Monday 23 November 2009

Begin at the beginning and go on till you come to the end: then stop

There are many phrases, all harking to the same sound; keep at it, one step at a time, day in day out, you can...

But it all comes down to the same principle...

Work hard, very hard in fact.

Do the very best you can each day and don't let things get to you. If you stick at it for long enough, through the crap and the rubbish and all the associated aches and pains...it will pay off.

It might be in a year or it might be in ten, no one can tell you when. But what you can know for sure is it will pay off, down the line, probably when you least expect it.

...And it will all be worth it, a million times over.

Quite a simple principle really, just keep your head down and don't give up.

How putting it into words can make it sound so easy!

Now of course I am relating this to sport but it goes for everything across the board, it's just I'm learning these lessons through my sport, I am very grateful for that. It takes a medium to learn lessons through and sport is a great are to learn about life. I feel as if I am only a few miles into the marathon, but my legs are feeling good and the sun is out. If I keep it up it might end up being a good run.

As they say...one step at a time.

OK that is my weekly cliche fix over with, it's healthy for me to get it out.

I'm at the end of a few tough months well and truly into the winter. The sun set today before 4 and it's definitely chilly outside, I've ventured out on more than one training session in the past few weeks in my terrifying winter balaclava...


Definitely gives the members of the public a good scare when I storm past.

Anyway I was meant to be writing about my weekend.

I received an email a few months ago from a local runner, Robbie Simpson, of Banchory (10 miles away). Rob's 18 and is already a very well established mountain runner. Of a similar mentality to my own, there's no way to beat the big guys unless you get out there and race them. So he's been out racing the big boys over the past year and hasn't done too badly at all. Top 20 at Junior World Champs in the summer plus a hoard of other top 5 and top 10 results in Senior events all over during the past 12 months.

He also bagged himself a spot on the Saab Salomon Outdoor Team, pretty jealous as Salomon have some wicked cool shoes, you can check out the team page here http://www.saabsalomonoutdoorteam.com/team/robbie-simpson/

Annnyway, as most of you know my running is still in its development stage...so the crazy part of my brain thought it would be fun to head out with him on a training run, 1.5 hours, off road, up hills. Luckily he is a cool dude so I quickly forgot about the sore legs and we had a blast, bashing around the hills and sliding all over the trails. Damn those mountain runners can storm downhill.

Afterwards we headed out on the MTBs for a recovery spin, I even had another ninja mtb skills moment (for a quick refresher on my previous mtb exploits see reference link here http://michaeladams-triathlete.blogspot.com/2009/10/you-wish-you-had-camera.html ) where I managed to skid, drop the bike and launch myself off all in the same millisecond...landing miraculously on my feet a few yards down the path. Good times.


Anyway, the next day Rob entered and won a local trail race...while I was still nursing the sore ankle and quad from the day before.
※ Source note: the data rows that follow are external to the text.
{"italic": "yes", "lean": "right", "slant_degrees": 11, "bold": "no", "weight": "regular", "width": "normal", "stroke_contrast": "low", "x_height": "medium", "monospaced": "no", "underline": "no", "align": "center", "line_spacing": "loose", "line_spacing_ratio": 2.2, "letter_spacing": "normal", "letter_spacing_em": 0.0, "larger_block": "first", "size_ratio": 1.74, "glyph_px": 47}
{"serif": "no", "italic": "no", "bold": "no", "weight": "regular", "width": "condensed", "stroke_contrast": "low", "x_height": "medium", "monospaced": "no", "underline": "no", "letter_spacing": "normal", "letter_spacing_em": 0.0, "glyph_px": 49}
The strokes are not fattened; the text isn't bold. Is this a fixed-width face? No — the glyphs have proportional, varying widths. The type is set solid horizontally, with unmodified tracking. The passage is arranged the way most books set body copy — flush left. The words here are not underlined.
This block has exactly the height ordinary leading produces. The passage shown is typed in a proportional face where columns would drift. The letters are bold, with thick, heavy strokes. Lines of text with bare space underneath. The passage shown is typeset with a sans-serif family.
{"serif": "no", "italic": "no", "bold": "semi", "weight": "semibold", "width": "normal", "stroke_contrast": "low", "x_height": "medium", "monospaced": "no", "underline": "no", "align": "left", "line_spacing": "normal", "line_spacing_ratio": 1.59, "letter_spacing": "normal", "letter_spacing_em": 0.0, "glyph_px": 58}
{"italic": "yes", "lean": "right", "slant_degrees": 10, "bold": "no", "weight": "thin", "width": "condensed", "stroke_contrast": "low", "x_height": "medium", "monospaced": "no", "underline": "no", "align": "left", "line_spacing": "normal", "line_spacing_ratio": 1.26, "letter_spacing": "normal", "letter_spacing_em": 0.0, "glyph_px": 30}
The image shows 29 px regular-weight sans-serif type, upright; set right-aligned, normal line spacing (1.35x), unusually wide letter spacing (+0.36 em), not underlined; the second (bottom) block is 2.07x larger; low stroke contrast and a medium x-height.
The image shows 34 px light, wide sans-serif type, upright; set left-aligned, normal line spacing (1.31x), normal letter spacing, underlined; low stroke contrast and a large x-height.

Damn Crazy Runners

2 comments:

Unknown said...

Hello mate,

I'm a fellow triathlete a little further down the curve from you. I was writing to ask you about your swimming and running. In those senses were are probably the direct opposite - I've always competed in athletics, you in swimming. What advice would you have for me to improve quickly?
As you have yourself said, your running is what you're working on. What are your aims for this year? Do you think you'll be able to realistically get it good enough to compete with the top guys in 2010?

Take it easy,

Phil

Michael Adams said...

Hey Phil,

To improve quickly in swimming? Unfortunately the thing with swimming is that it relies very heavily on technique, which comes from spending hours and hours in a pool. My best advice would be to spend as much time as possible (at least 3 or 4 hours a week) in the pool, almost entirely front crawl working on your technique, once you get towads spring time you could start to introduce more and more speed work. As for now though I'd work on steady swimming and drills. FC pull using a pull buoy can be useful as can things like taking 3 strokes then letting the thrid stroke glide out so you extend your hand far out infront of you and hold kicking for about 5seconds. Basically you just need to get comfortable in the water and the speed will come.

For me? All I can do is train as hard as I can, I've seen some of the top guys train and I know I have what it takes to match their training programmes. Thats what I am doing now, whether or not it translates into the racing environment successfully is another story. All I can do is train the best I can every day, if you do that hopefully the racing will take care of itself.

...do I realistically think I'll have my run legs by next summer?